Teharje

from Wikipedia, the free encyclopedia
Monument in the memorial park in the former Teharje / Tüchern camp
Wreaths at the memorial - from Slovenia, Austria and Romania
St. Martin Church

Teharje ( German cloths ) is a suburb and district of the Slovenian city ​​of Celje (Cilli) and is located east of the city center on the Celje- Maribor railway line . It had 256 inhabitants at the 2002 census.

history

During the Second World War , the Wehrmacht set up a military camp for around 500 men with six living quarters and around ten functional barracks in 1943, which at times served as a training camp for the Hitler Youth . Towards the end of the war, the Germans locked prisoners there who were used in the defense of Cilli.

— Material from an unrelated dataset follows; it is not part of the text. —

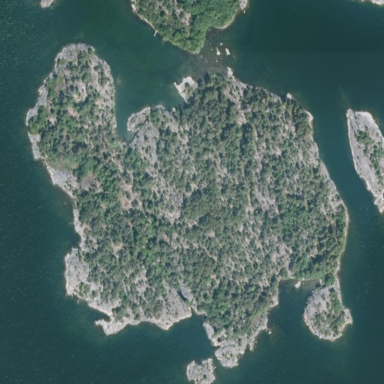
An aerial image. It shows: Islet along the natural coastline.

The camp was abandoned at the end of the war, but after the prisoners were extradited by the British in Bleiburg to Yugoslavia , it was used again as a prison camp by the victorious partisan army at the end of May 1945. On May 31, 1945, the “Rupnik Battalion” was brought in (previously led by Vuk Rupnik , Leon Rupnik's son ) and, in the following days in June, another 3,000 or so members of the Slovenian Home Guard . In addition to Domobranzen and civilians seen as opponents, Germans from Lower Styria and Gottschee were also held here.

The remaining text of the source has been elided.